When focusing on climate variables (humidity, rain, and temperature), rain was seen to play the most important role with pneumonia admissions in Chiang Mai. Selecting AIC values, ARMODEL11 exhibited the lowest AIC of − 37.98 but its coefficient (see Table 3) was insignificant. Therefore, ARMODEL10 (ARIMA model with humidity, AIC of − 30.43) was chosen when considering only climate variables. Association of humidity and pneumonia has been reported since 1980 (Bull 1980). Bull (1980) stated that changes in temperature and humidity were highly and significantly correlated with changes in death rate from pneumonia exhibiting a positive correlation of high humidity and temperature. Moreover, Davis et al. (2016b) stated that several research studies indicated that humidity was one of the most highly associated variable with pneumonia. The study in New Zealand by Davis et al. (2016a) found that respiratory infection was enhanced during unusually cold conditions and during conditions with unusually low humidity.

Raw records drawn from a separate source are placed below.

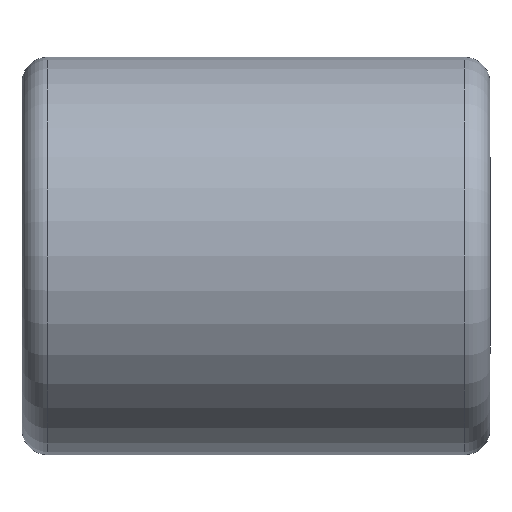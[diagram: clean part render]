
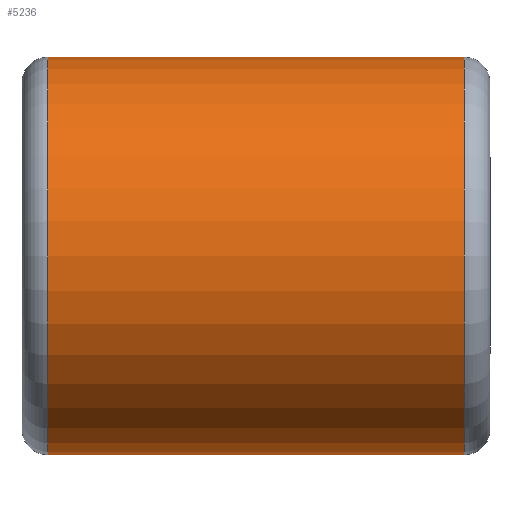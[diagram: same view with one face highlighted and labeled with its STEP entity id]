
A CAD part, front view. The second image highlights one B-rep face of the part: STEP entity #5236.
In plain terms, the highlighted cylindrical face has radius 42.5 mm (diameter 85 mm), a partial arc.
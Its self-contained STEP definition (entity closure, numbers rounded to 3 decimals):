
#68 = ORIENTED_EDGE ( 'NONE', *, *, #1845, .T. ) ;
#164 = EDGE_CURVE ( 'NONE', #3260, #576, #854, .T. ) ;
#174 = EDGE_CURVE ( 'NONE', #3808, #3260, #3964, .T. ) ;
#190 = DIRECTION ( 'NONE',  ( -1., 0., 0. ) ) ;
#355 = DIRECTION ( 'NONE',  ( 0., 0., 1. ) ) ;
#522 = CARTESIAN_POINT ( 'NONE',  ( 44.5, 0., 291.987 ) ) ;
#532 = ORIENTED_EDGE ( 'NONE', *, *, #164, .T. ) ;
#576 = VERTEX_POINT ( 'NONE', #3139 ) ;
#698 = CARTESIAN_POINT ( 'NONE',  ( -57.637, 0., 291.987 ) ) ;
#854 = CIRCLE ( 'NONE', #5099, 42.5 ) ;
#1135 = DIRECTION ( 'NONE',  ( -1., 0., 0. ) ) ;
#1755 = EDGE_CURVE ( 'NONE', #1976, #576, #3640, .T. ) ;
#1845 = EDGE_CURVE ( 'NONE', #1976, #3808, #5826, .T. ) ;
#1906 = CARTESIAN_POINT ( 'NONE',  ( -44.5, 0., 334.487 ) ) ;
#1937 = CARTESIAN_POINT ( 'NONE',  ( -57.637, 0., 334.487 ) ) ;
#1976 = VERTEX_POINT ( 'NONE', #5641 ) ;
#2179 = CARTESIAN_POINT ( 'NONE',  ( -57.637, 0., 249.487 ) ) ;
#2211 = ORIENTED_EDGE ( 'NONE', *, *, #1755, .F. ) ;
#2395 = VECTOR ( 'NONE', #1135, 1000. ) ;
#3087 = DIRECTION ( 'NONE',  ( 0., 0., 1. ) ) ;
#3139 = CARTESIAN_POINT ( 'NONE',  ( -44.5, 0., 249.487 ) ) ;
#3260 = VERTEX_POINT ( 'NONE', #1906 ) ;
#3327 = AXIS2_PLACEMENT_3D ( 'NONE', #522, #5743, #355 ) ;
#3640 = LINE ( 'NONE', #2179, #2395 ) ;
#3648 = AXIS2_PLACEMENT_3D ( 'NONE', #698, #190, #3087 ) ;
#3808 = VERTEX_POINT ( 'NONE', #4662 ) ;
#3926 = DIRECTION ( 'NONE',  ( -1., 0., 0. ) ) ;
#3964 = LINE ( 'NONE', #1937, #4155 ) ;
#3995 = CARTESIAN_POINT ( 'NONE',  ( -44.5, 0., 291.987 ) ) ;
#4155 = VECTOR ( 'NONE', #3926, 1000. ) ;
#4438 = FACE_OUTER_BOUND ( 'NONE', #4556, .T. ) ;
#4536 = CYLINDRICAL_SURFACE ( 'NONE', #3648, 42.5 ) ;
#4556 = EDGE_LOOP ( 'NONE', ( #2211, #68, #6260, #532 ) ) ;
#4662 = CARTESIAN_POINT ( 'NONE',  ( 44.5, 0., 334.487 ) ) ;
#5099 = AXIS2_PLACEMENT_3D ( 'NONE', #3995, #5496, #6024 ) ;
#5236 = ADVANCED_FACE ( 'NONE', ( #4438 ), #4536, .T. ) ;
#5496 = DIRECTION ( 'NONE',  ( 1., 0., 0. ) ) ;
#5641 = CARTESIAN_POINT ( 'NONE',  ( 44.5, 0., 249.487 ) ) ;
#5743 = DIRECTION ( 'NONE',  ( -1., 0., 0. ) ) ;
#5826 = CIRCLE ( 'NONE', #3327, 42.5 ) ;
#6024 = DIRECTION ( 'NONE',  ( 0., 0., -1. ) ) ;
#6260 = ORIENTED_EDGE ( 'NONE', *, *, #174, .T. ) ;

Although the coefficient of rain in ARMODEL11 was not significant, it exhibited the lowest AIC value among these groups. Consequently, we decided to use ARMODEL11 to predict future monthly pneumonia cases. Evidence supporting this decision has been shown by several research studies. Singh et al. (2014) studied the association of rain-wetting with the occurrence of pneumonia during an outbreak of influenza A (H1N1) pdm09 virus infection. They found that the number of pneumonia patients increased during periods of greater rainfall and rain-wetting and may be an important risk factor for the occurrence of pneumonia. Nevertheless, different results were shown by the Hei Collaborative Working Group on Air Pollution et al. (2012) who found a relation between pneumonia hospitalizations and levels of PM10, SO2, and NO2 between the months of November and April annually (data of 3 years in Vietnam) but found no association in the rainy season months of May through October. However, several limitations were reported in this study, such as the lack including age and sex and the lack time to be reconsidered in a future study. Moreover, it should be noted that air pollution and climate variables used in this study were derived from two monitoring stations located in Chiang Mai Province.

Conclusion

The study aimed to predict the number of pneumonia cases in Chiang Mai Province. Twelve years of monthly pneumonia cases, air pollution, and climate variables in Chiang Mai was used to investigate the optimum of model with several scenarios. Seasonality was included in this model because it showed a strong and significant association. ARMODEL5 (ARIMA(1,0,2)(2,0,0)[12] with PM10) was the most appropriate model based on current data. This suggested that PM10 was the most important factor to predict monthly pneumonia cases in Chiang Mai.